Культура, упорядочивающая хаос, по сути своей репрессивна, так что ее, культуры, потребитель — всегда немного мазохист. Ну а Герман — эстетический деспот, диктату которого ничего не остается, как только подчиниться. Он прав, потому что сильнее.
Первый ли, четвертый раз смотришь, про Лапшина ли, Хрусталева или Румату — неизбежно попадаешь в состояние некоей завороженности, наваждения. Быть может, наваждение — самое подходящее слово для описания феномена Германа. Сновидческая природа кино вря дли когда-нибудь проступала с такой отчаянной и наглядной выразительностью. В эти сновидения погружаешься без остатка. А потом, по отрезвлении, кажется невероятным, что на экране был обычный быт: большая квартира, военная клиника, милиционеры, хоровое пение, провинциальный театр, черные машины на московских улицах, уголовники, полустанок. Никаких фантасмагорий. Откуда же эта полная иллюзия сна, острый ужас кошмара, тяжелое похмельное пробуждение? Искать ответа хочется, хотя: отчего потрясает гроза, чем заколдовывает Брейгель, почему загадочен «Гамлет»?

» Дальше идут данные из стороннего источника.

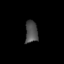
Tissue: lung
Cell type: Epithelial cells
Senescence score: 0.2335
Nuclear area (px): 265
Mean DAPI intensity: 80.389
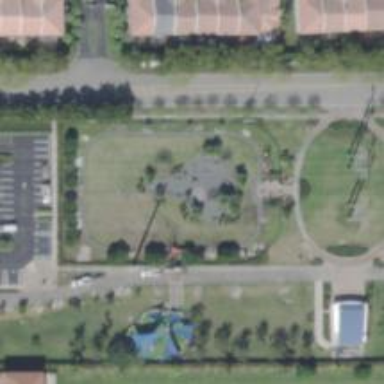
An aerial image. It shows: Fenced dog park for leisure activities on land.
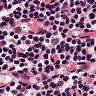
Metastatic tissue present: no
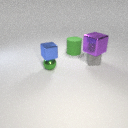
small blue metal cube to the left of large purple metal cube
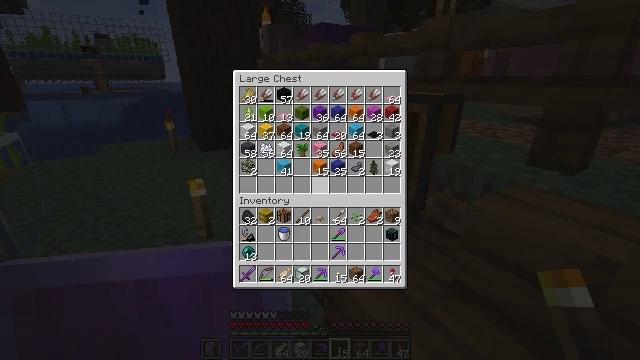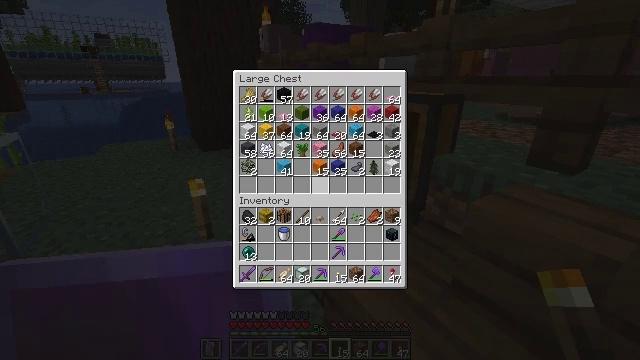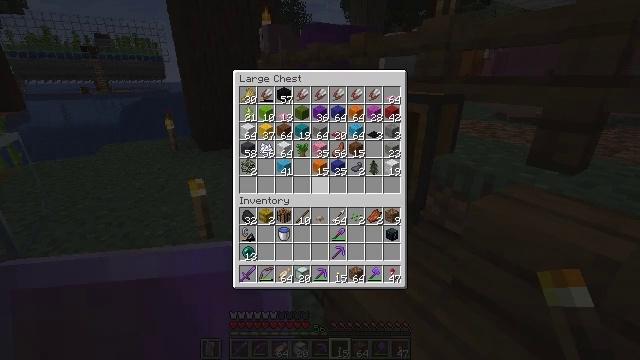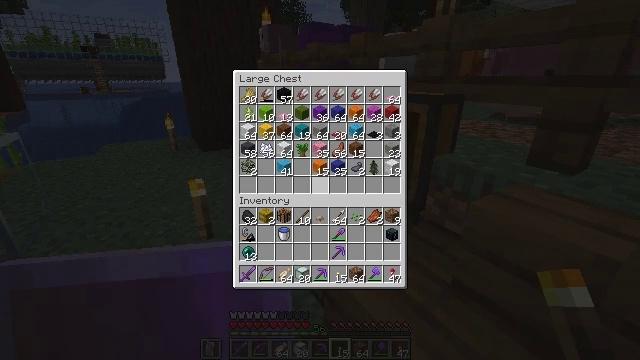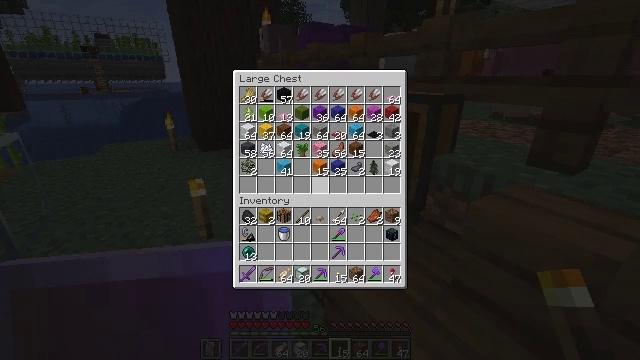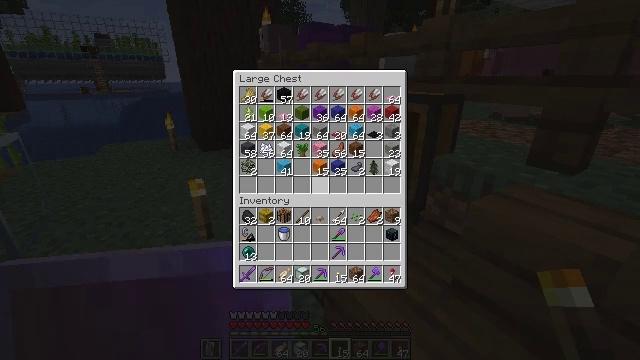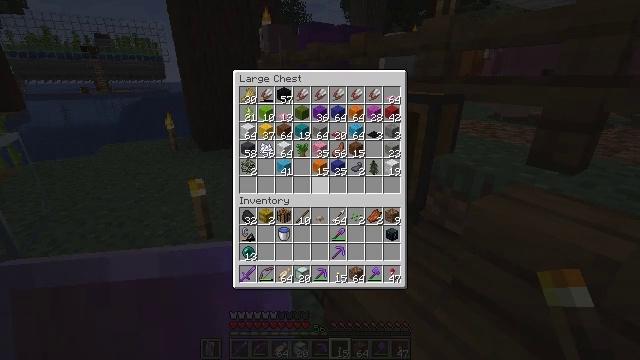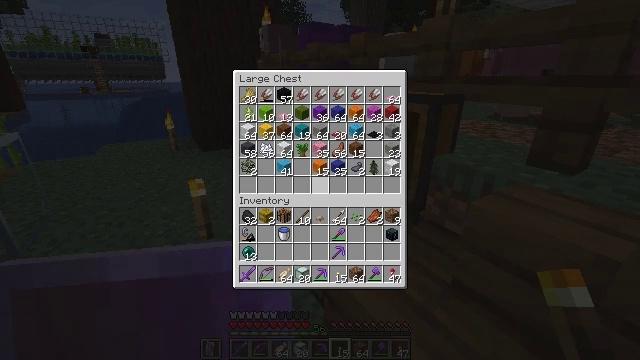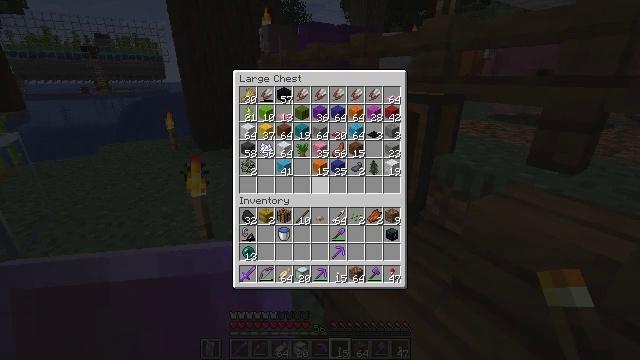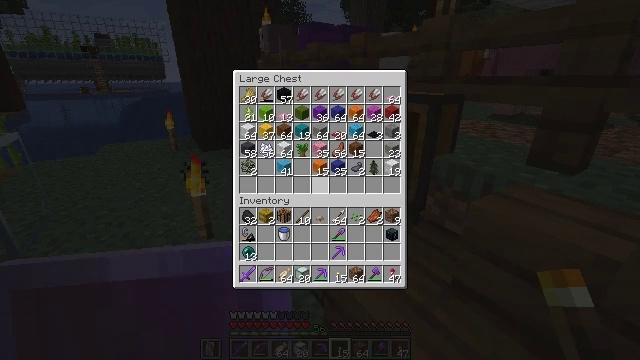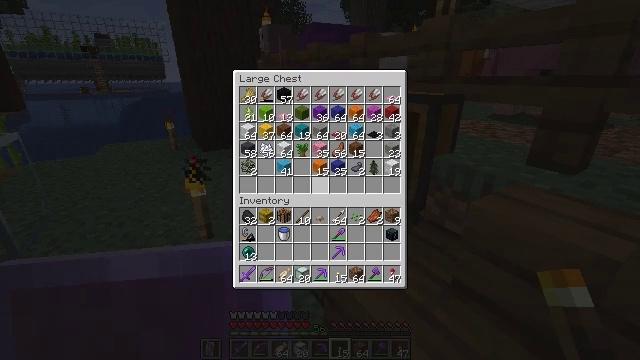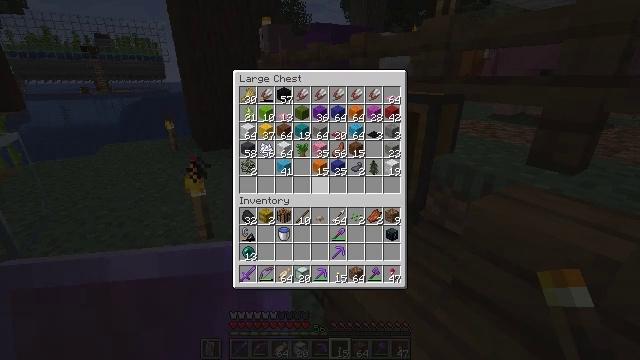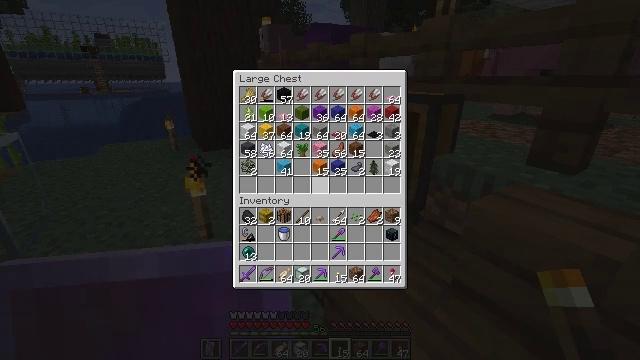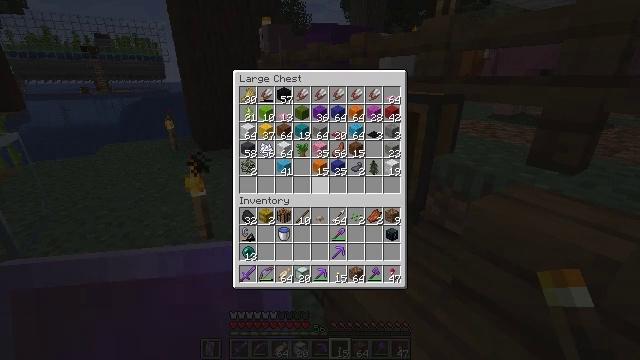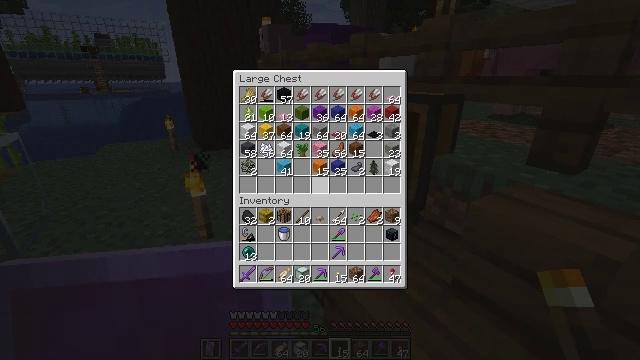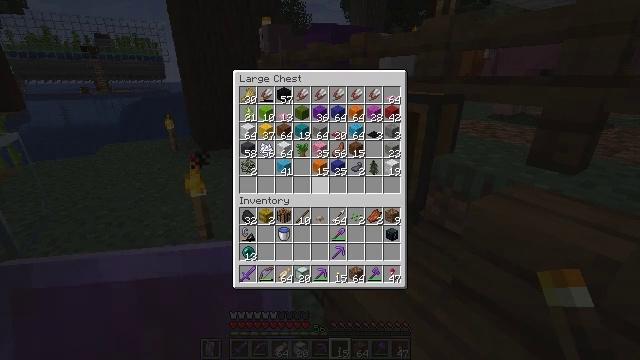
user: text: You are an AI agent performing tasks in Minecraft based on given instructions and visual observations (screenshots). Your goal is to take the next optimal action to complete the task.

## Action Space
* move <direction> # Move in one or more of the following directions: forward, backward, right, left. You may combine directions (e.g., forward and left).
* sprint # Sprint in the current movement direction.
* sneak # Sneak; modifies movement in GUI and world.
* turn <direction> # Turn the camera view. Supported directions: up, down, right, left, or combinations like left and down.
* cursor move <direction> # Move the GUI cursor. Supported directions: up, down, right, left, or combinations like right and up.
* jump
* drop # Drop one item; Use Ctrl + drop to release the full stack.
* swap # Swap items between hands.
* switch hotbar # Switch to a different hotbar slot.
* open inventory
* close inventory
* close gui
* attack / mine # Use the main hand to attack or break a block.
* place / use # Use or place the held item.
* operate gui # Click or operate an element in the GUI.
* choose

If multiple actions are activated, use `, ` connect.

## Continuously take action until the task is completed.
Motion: motion action
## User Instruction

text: Collect the cactus block.
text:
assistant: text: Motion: no_op
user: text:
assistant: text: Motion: no_op
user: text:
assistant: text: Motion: no_op
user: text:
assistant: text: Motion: no_op
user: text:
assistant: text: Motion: no_op
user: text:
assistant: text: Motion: no_op
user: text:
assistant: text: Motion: no_op
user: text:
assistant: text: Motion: no_op
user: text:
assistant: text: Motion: no_op
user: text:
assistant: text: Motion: no_op
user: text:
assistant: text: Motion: no_op
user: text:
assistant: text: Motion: no_op
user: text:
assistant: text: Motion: no_op
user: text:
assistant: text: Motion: no_op
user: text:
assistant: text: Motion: no_op
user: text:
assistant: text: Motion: no_op
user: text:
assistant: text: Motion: no_op
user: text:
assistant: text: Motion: no_op
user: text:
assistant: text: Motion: no_op
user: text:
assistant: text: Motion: no_op
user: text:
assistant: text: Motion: no_op
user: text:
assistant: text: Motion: no_op
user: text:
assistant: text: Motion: no_op
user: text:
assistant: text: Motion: no_op
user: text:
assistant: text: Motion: no_op
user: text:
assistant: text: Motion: no_op
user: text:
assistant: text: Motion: no_op
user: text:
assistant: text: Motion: no_op
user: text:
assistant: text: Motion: no_op
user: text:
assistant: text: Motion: no_op
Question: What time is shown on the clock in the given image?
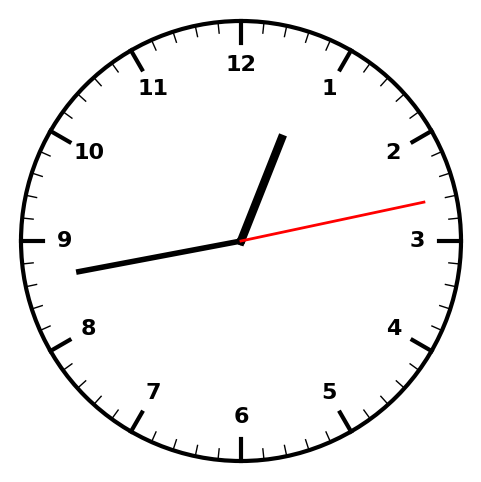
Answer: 12:43:13
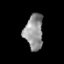
Tissue: prostate
Cell type: Endothelial cells
Senescence score: 0.7133
Nuclear area (px): 639
Mean DAPI intensity: 145.789
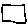
Label: square
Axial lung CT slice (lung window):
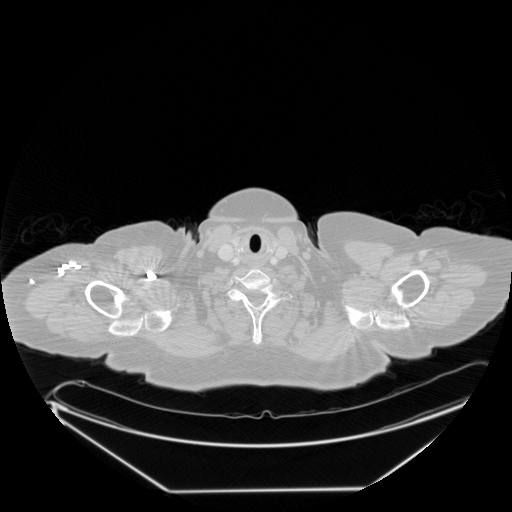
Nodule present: no

Всегда есть соблазн сделать скидку на бессознательность художника — дескать, рупор божественного глагола, о чем тут рассуждать. Сценарии убеждают: нет, тайна закладывается изначально. Бог знает, как это происходит. Мы не знаем, отчего и как течет река — но к истокам пробраться можем.
Оттого сценарии, ставшие фильмами, читаются особо: невозможно отделаться от того, что ты все это видел — не как-то там по-своему, а по-германовски, и не иначе.
В «Хрусталеве» только что высвободившийся из лагерной жути герой стоит у реки, глядя на мост, по которому идет поезд. Он, поезд, становится знаком свободы — уже хотя бы потому, что движется. А кто-то сзади говорит: «Астраханский». И почему-то ясно, что это единственно возможное тут слово — «астраханский»: бессмысленное, но необходимое. Так на холсте Малевича штрихи разбросаны произвольно, но попробуй сдвинь. Наитие, интуиция — литераторская? режиссерская? Те сценарии, которые остались в слове — словесность. Чистопородная литература.